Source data
= Beginning of Section =
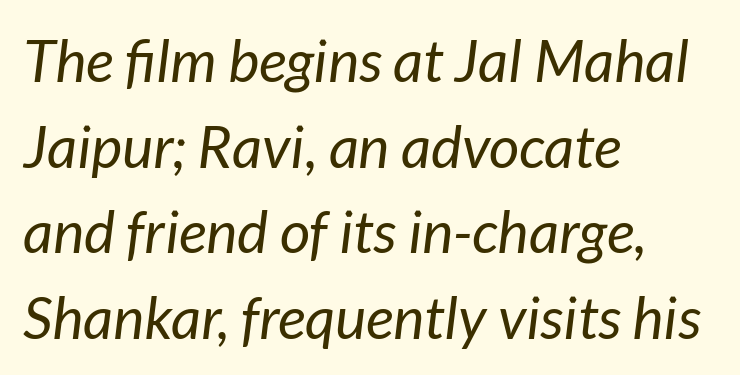
Q: Is the text bold? A: No.
Q: Is the text italic (slanted)? A: Yes, it leans right by about 7 degrees.
Q: Is the text underlined? A: No.
Q: How is the paragraph aligned? A: Left-aligned.
Q: Is the spacing between letters normal or unusually wide? A: Normal.
Q: Is the spacing between lines tight, normal or loose? A: Normal.
Q: Width (condensed, normal, or wide)? A: Normal.
Q: Stroke contrast? A: Low.
Q: x-height? A: Medium.
Q: Monospaced? A: No.
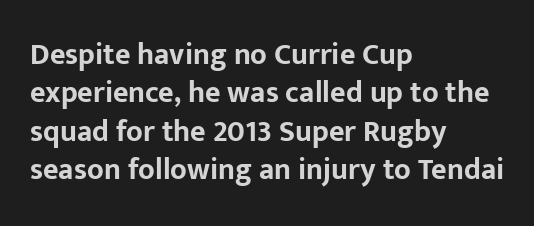
{"serif": "no", "italic": "no", "bold": "yes", "weight": "bold", "width": "normal", "stroke_contrast": "low", "x_height": "medium", "monospaced": "no", "underline": "no", "align": "left", "line_spacing": "normal", "line_spacing_ratio": 1.28, "letter_spacing": "normal", "letter_spacing_em": 0.0, "glyph_px": 30}
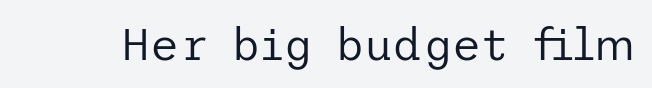
How are the letters spaced? Ordinarily, with no added tracking. When letters stand straight like this, we call the style roman or upright. Are there feet on the stems? There aren't — it's a sans. Descenders hang freely into open space. Ink coverage per letter is moderate at most.
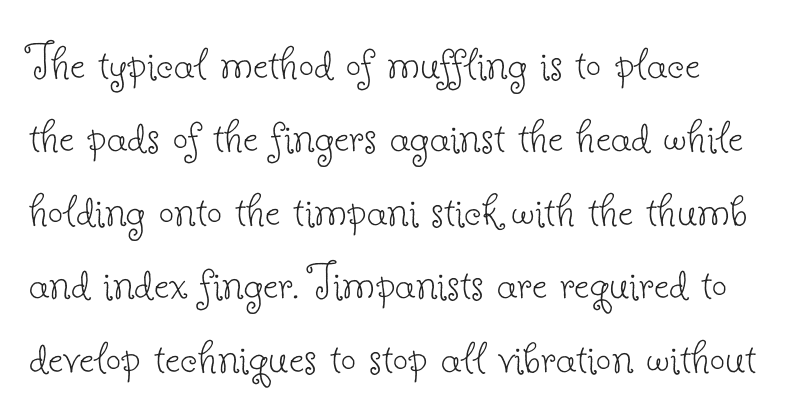
Q: Is the text bold? A: No.
Q: Is the text italic (slanted)? A: No, it is upright.
Q: Is the typeface a serif or a sans-serif typeface? A: Serif.
Q: Is the text underlined? A: No.
Q: Is the spacing between letters normal or unusually wide? A: Normal.
Q: Is the spacing between lines tight, normal or loose? A: Normal.
Q: Width (condensed, normal, or wide)? A: Normal.
Q: Stroke contrast? A: Low.
Q: x-height? A: Small.
Q: Monospaced? A: No.
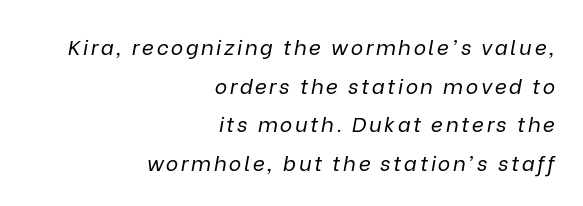
Q: Is the text bold? A: No.
Q: Is the text italic (slanted)? A: Yes, it leans right by about 9 degrees.
Q: Is the text underlined? A: No.
Q: How is the paragraph aligned? A: Right-aligned.
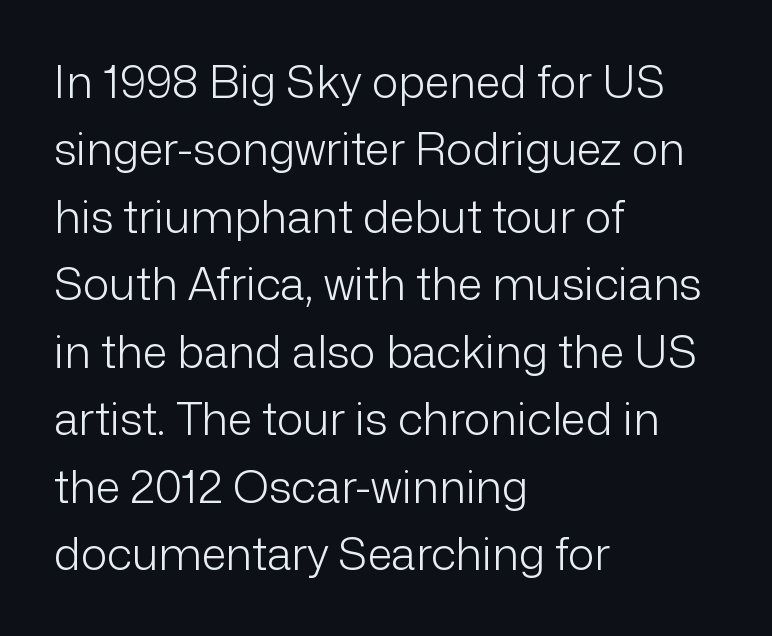
The letters advance in unequal steps, a hallmark of proportional type. If you measured baseline to baseline, you'd find a middling distance. Type style note: lacks serifs. Is the block centered? No — it sits flush against the left margin. How are the letters spaced? Ordinarily, with no added tracking.
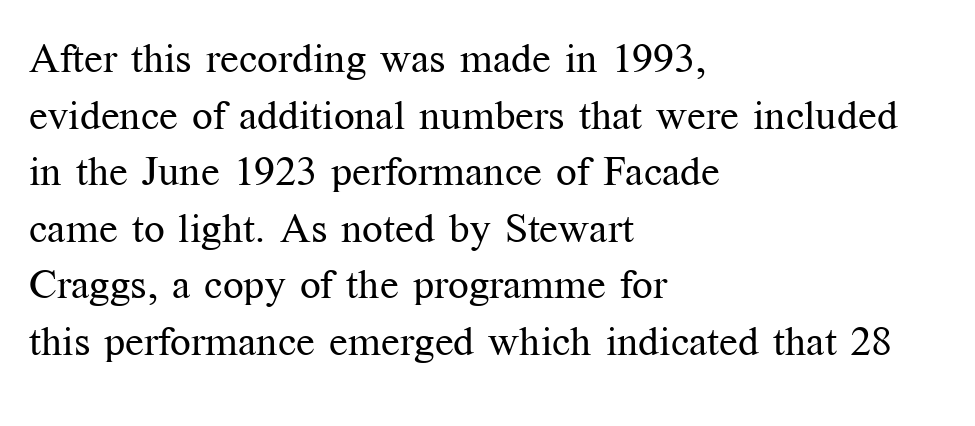
The image shows 41 px regular-weight serif type, upright; set left-aligned, normal line spacing (1.38x), normal letter spacing, not underlined; medium stroke contrast and a medium x-height.
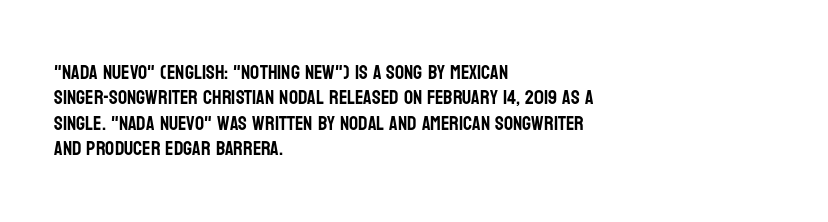
The image shows 20 px text type, upright; set left-aligned, normal line spacing (1.27x), normal letter spacing, not underlined.
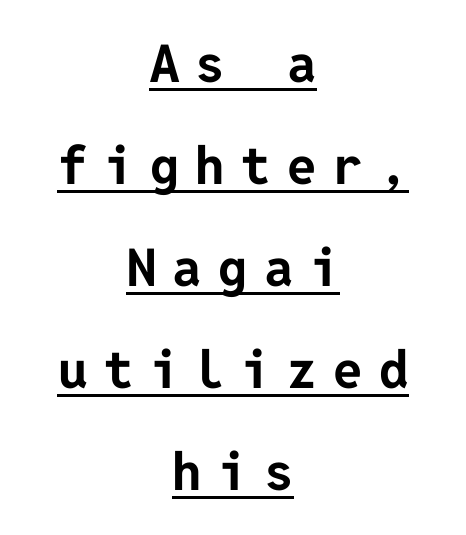
The typesetting leans heavy: a genuine bold. Alignment: centered. Horizontal bands of white between lines are thick stripes. Italic? Not at all — the glyphs are vertical.
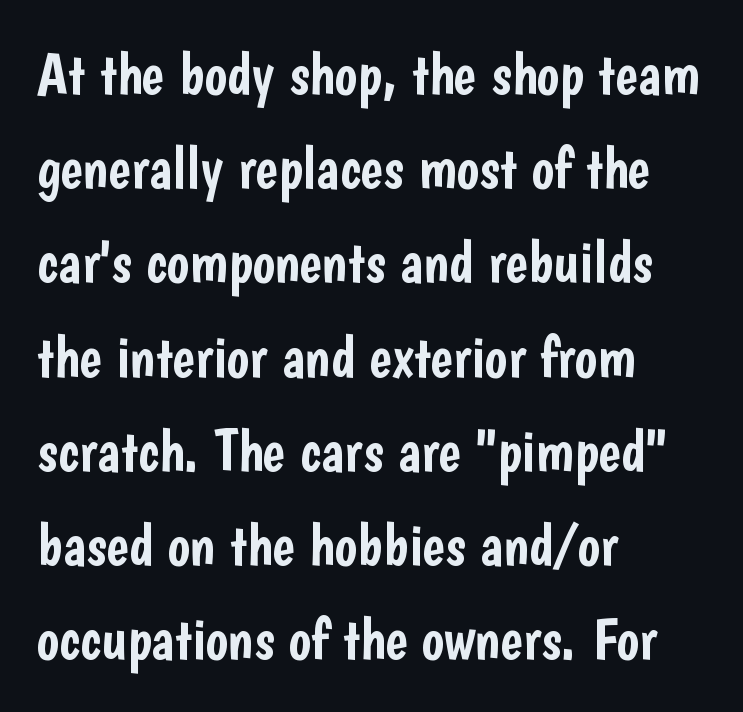
{"serif": "no", "italic": "no", "width": "condensed", "stroke_contrast": "low", "x_height": "medium", "monospaced": "no", "underline": "no", "align": "left", "line_spacing": "normal", "line_spacing_ratio": 1.57, "letter_spacing": "normal", "letter_spacing_em": 0.0, "glyph_px": 60}
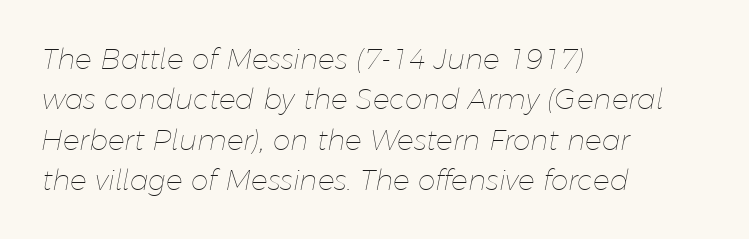
The image shows 28 px thin type, italic (leaning right); set left-aligned, normal line spacing (1.44x), normal letter spacing, not underlined; low stroke contrast and a medium x-height.
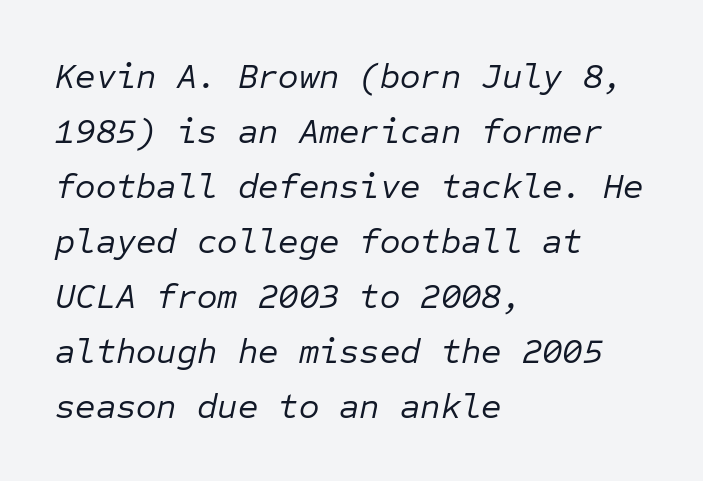
The image shows 35 px regular-weight type, italic (leaning right), monospaced; set left-aligned, normal line spacing (1.57x), normal letter spacing, not underlined; low stroke contrast and a medium x-height.
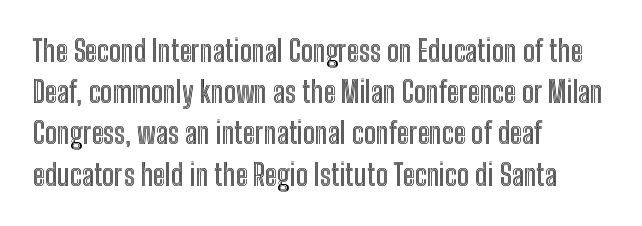
The letters stand straight up with perfectly vertical stems. Each letter keeps its own natural width here, so spacing adapts to shape. If you drew a ruler down the left edge, every line would touch it. Is the letter spacing exaggerated? No — it looks like the ordinary default.
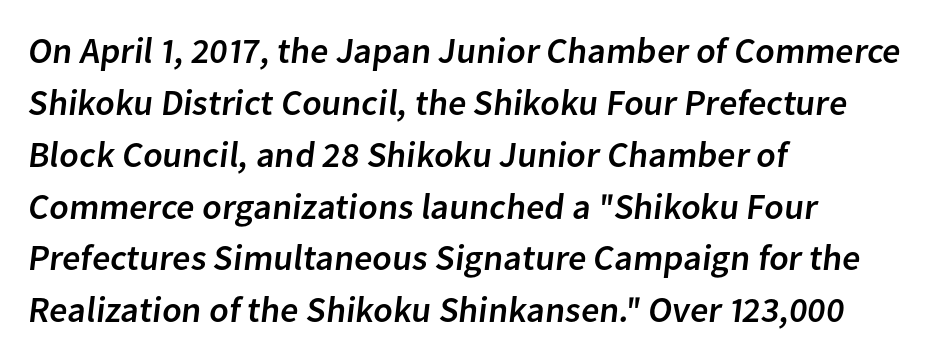
Each line starts at the same left margin while the right side varies. Think of a printed novel: that variable character pitch is what you see here. Leading matches the norm, producing a regular column. Short note: letters normally spaced. The face used here is a sans, in the tradition of grotesques and geometrics. Type without underlining.
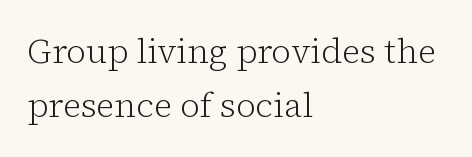
The image shows 34 px light serif type, upright; set left-aligned, normal line spacing (1.6x), normal letter spacing, not underlined; low stroke contrast and a medium x-height.
= End of Section =
EXERCISE:
From the data, pick out every line that includes "centered".

FINAL ANSWER:
The letters advance in unequal steps, a hallmark of proportional type. If you measured baseline to baseline, you'd find a middling distance. Type style note: lacks serifs. Is the block centered? No — it sits flush against the left margin. How are the letters spaced? Ordinarily, with no added tracking.
The typesetting leans heavy: a genuine bold. Alignment: centered. Horizontal bands of white between lines are thick stripes. Italic? Not at all — the glyphs are vertical.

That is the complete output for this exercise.